In this asana close the left / right nostril with the finger and inhale with a single nostril. Thus the two nostrils should be alternated. Place the left hand on the medicine, on the left knee. Close the right nostril with the ring finger of the right hand. Now take a deep breath. After a while .. With the ring finger of the left hand, close the left nostril and exhale deeply. Do this for at least 5 minutes. Uses: This asana improves the heart, nervous system, and health. BP is under control. Improves blood circulation in the brain and throat. The eyes, nose, ears, and tongue are active. This asana can relieve ailments like inflammation and inflammation. Tonsils can also be prevented.

Namaste posture

This asana can be done very easily. Sit in this position with the legs folded first. Both hands should be placed close to the chest in a namaste posture. At the same time, slowly inhale and exhale. Use: It improves blood circulation in the hands. The respiratory system improves.

Children's posture

Bend the knees in this position and sit on the floor. Inhale the air and touch the head to the ground. Exhale three times after being in this pose. Then inhale the air and return to the previous position. Use: This asana improves blood circulation in the legs.

Vegetation posture

Stand upright with both legs touching each other. Then lift the right leg and place the foot, slowly at the thigh of the left leg.
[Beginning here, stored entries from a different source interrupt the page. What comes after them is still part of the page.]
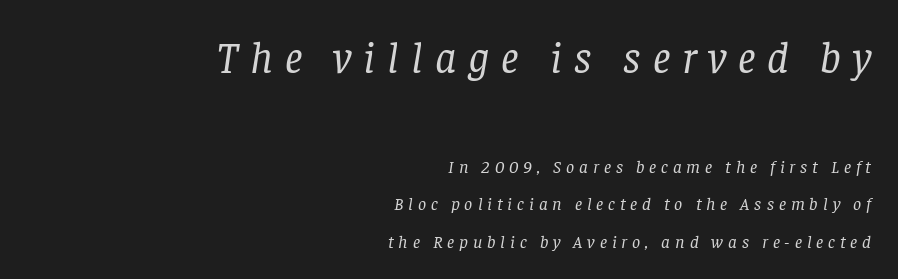
{"serif": "yes", "italic": "yes", "lean": "right", "slant_degrees": 8, "bold": "no", "weight": "regular", "width": "normal", "stroke_contrast": "low", "x_height": "large", "monospaced": "no", "underline": "no", "align": "right", "line_spacing": "loose", "line_spacing_ratio": 2.08, "letter_spacing": "wide", "letter_spacing_em": 0.27, "larger_block": "first", "size_ratio": 2.44, "glyph_px": 44}
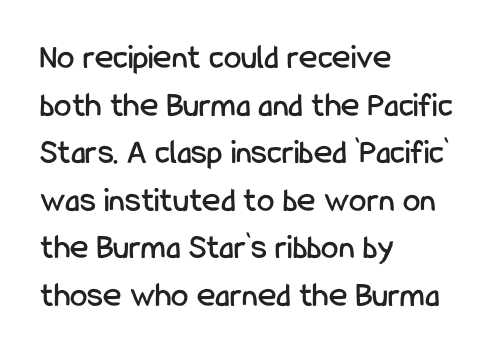
The image shows 35 px condensed sans-serif type, upright; set left-aligned, normal line spacing (1.36x), normal letter spacing, not underlined; low stroke contrast and a medium x-height.
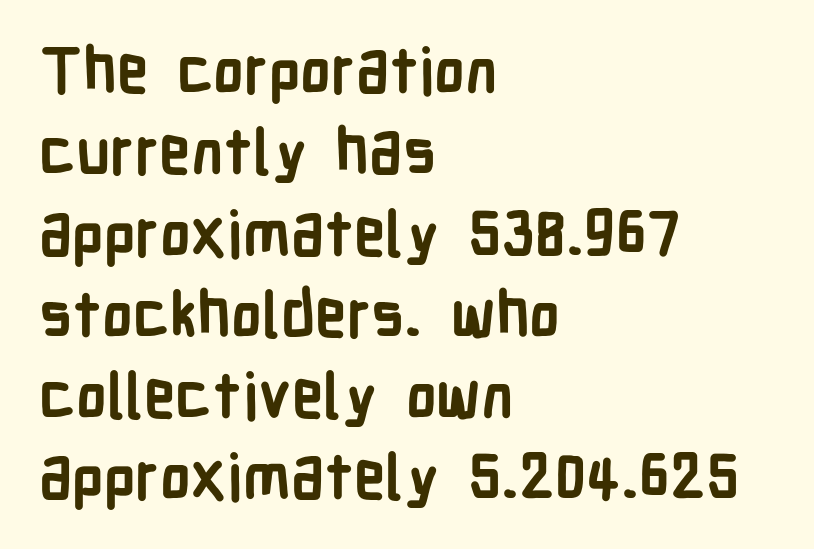
Q: Is the text bold? A: Yes.
Q: Is the text italic (slanted)? A: No, it is upright.
Q: Is the typeface a serif or a sans-serif typeface? A: Sans-serif.
Q: Is the text underlined? A: No.
Q: How is the paragraph aligned? A: Left-aligned.
Q: Is the spacing between letters normal or unusually wide? A: Normal.
Q: Is the spacing between lines tight, normal or loose? A: Normal.
Q: Width (condensed, normal, or wide)? A: Condensed.
Q: Stroke contrast? A: Low.
Q: x-height? A: Medium.
Q: Monospaced? A: No.

While doing this raise both hands and stand in the salutation pose. Let it stand for a few minutes and then take a deep breath. Come back to normal. Do the above with the left foot this time. Use: Doing this asana daily will not only strengthen but also improve the health of the lungs. The functioning of the lungs also improves. Control blood pressure in the body .. Respiratory system, the body is fit.